It had... not gone down well.

Suffice to say, Hell's cleaning staff still found Bits of Boreas all about the place.

"You're lucky I planned for this, angel."* Crowley grumbled.

*Look, Crowley was, actually, quite good at alternative ideas and Plan B's, despite what the Esteemed Reader might think.

(Yes, he forgot to also have a Plan C most times, because Crowley was a little stupid in the cleverest of ways, but he usually had at least one backup-failsafe-if-all-else-fails up his sleeve.)

And then he picked up his keys and set off on the long drive to Tadfield.

* * *

  
Adam Young was having a good day.

He'd had a healthy, nutritious breakfast, and then he'd had an actually yummy one, simply because Adam had decided he wanted one; then his chores had found themselves done early with very little input from Adam's side, leaving him to spend the rest of the day doing exactly what he wanted to do.

Life was good, and so Adam was currently on his way to the woods, with Dog bounding along beside him.

(He had a feeling the Johnsonites might try to ambush the Them today, and, of course, if that's what he believed, then that was what would happen.

It was ever so fun, being Lord Of This World.)

"Adam?" A voice drawled, and a tall, shadowy figure peeled itself away from the old war memorial.*

_*Dear Sirs,_ the next letter from R. P. Tyler to the Tadfield Advertiser read. _I am shocked to see strange new hoodlums hanging around the memorial, wicked types with dyed-red hair and dressed all in black that frighten my Shutzi terribly. Now, as a concerned citizen.._. - and it continued on with similar drivel.

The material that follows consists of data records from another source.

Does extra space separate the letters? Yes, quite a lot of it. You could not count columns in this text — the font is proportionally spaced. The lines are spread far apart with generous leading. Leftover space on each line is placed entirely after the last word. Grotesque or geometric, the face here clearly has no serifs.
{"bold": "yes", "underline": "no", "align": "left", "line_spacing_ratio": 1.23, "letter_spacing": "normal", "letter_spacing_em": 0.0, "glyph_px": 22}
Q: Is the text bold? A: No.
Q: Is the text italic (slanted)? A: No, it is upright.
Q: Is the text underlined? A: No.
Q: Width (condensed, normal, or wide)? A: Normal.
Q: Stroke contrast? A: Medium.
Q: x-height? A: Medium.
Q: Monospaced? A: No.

"Care to explain... _this?"_

Crowley held up a newspaper. It read _"Inexplicable Impromptu Climate Conference Still Not Explained"_, and featured a picture of the German chancellor staring somberly - and a tad confused - at a ghostly melting polar ice cap.

"Uh." Adam said.

Life was still _good,_ of course, but maybe a hint less so than before...

* * *

"Look." Adam sat down on the steps of the memorial beside Crowley, and R.P. Tyler added the postscriptum of ...and_ our local hoodlums have joined forces with this mysterious newcomer! What IS this village coming to, I ask you!?_

"I heard about it in the news. How the situation's gettin' worse and worse, and how we need to _change_ things. An' I thought... if everybody HAD to do something... I figured it was what was _right._ Like preventing the End of the World. S'more of the same, really."

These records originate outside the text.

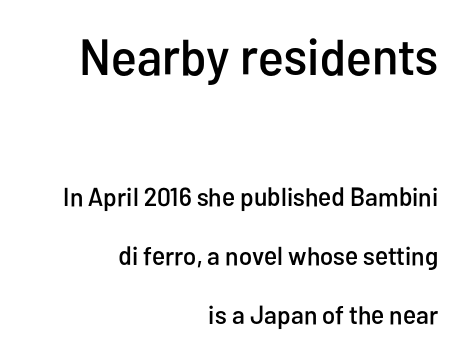
{"serif": "no", "italic": "no", "width": "condensed", "stroke_contrast": "low", "x_height": "medium", "monospaced": "no", "underline": "no", "align": "right", "line_spacing": "loose", "line_spacing_ratio": 2.26, "letter_spacing": "normal", "letter_spacing_em": 0.0, "larger_block": "first", "size_ratio": 1.96, "glyph_px": 51}
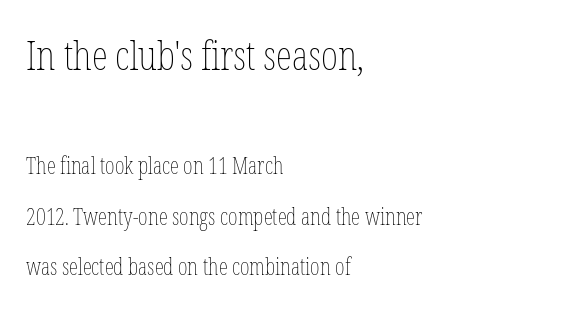
Q: Is the text bold? A: No.
Q: Is the text italic (slanted)? A: No, it is upright.
Q: Is the text underlined? A: No.
Q: How is the paragraph aligned? A: Left-aligned.
Q: Is the spacing between letters normal or unusually wide? A: Normal.
Q: Is the spacing between lines tight, normal or loose? A: Loose.
Q: Which block of text is set in a larger size, the first (top) or the second (bottom)? A: The first (top) one.
Q: Width (condensed, normal, or wide)? A: Condensed.
Q: Stroke contrast? A: Low.
Q: x-height? A: Medium.
Q: Monospaced? A: No.

He shrugged sheepishly, Dog copying the motion. "Didn't mean to worry people."

Crowley discreetly rubbed his temples, trying to stave off the blossoming headache. Good intentions, maybe they _should_ have paved the Road to Hell with them.

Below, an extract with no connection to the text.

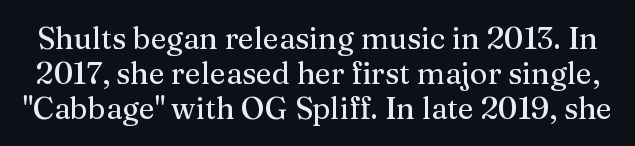
Is this a fixed-width face? No — the glyphs have proportional, varying widths. The letters stand straight up with perfectly vertical stems. Clear beneath every line of the passage. Unlike a clean sans, this face finishes its strokes with serifs. The face used here is rendered with its standard letterfit.
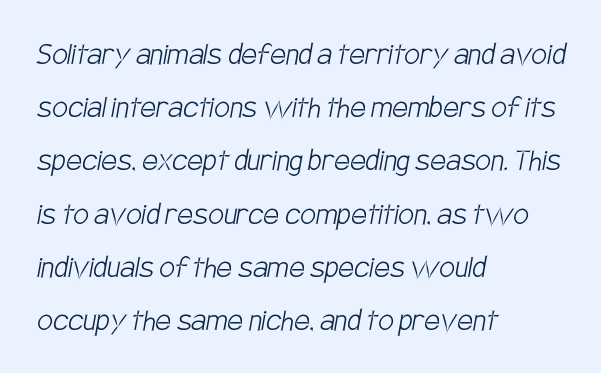
The image shows 35 px light, condensed sans-serif type; set left-aligned, normal line spacing (1.52x), normal letter spacing, not underlined; low stroke contrast and a large x-height.

Well. At least Aziraphale, who still thought he could only get human newspapers from little children shouting in the streets, wouldn't be among those _worried,_ that was a silver lining.*

*All the news Aziraphale was privy to came either from Heaven's helplessly biased Celestial Observer, or from Crowley printing out relevant online articles and sending them over to the bookshop's absolutely decrepit fax machine.

(Aziraphale kept them all in a folder, for later reference, and meticulously annotated and underlined them.)

The dark, festering cloud beneath said lining, however, proclaimed pointedly that he was going to have to give the literal Antichrist, most powerful being in this world and the next, a stern talking-to.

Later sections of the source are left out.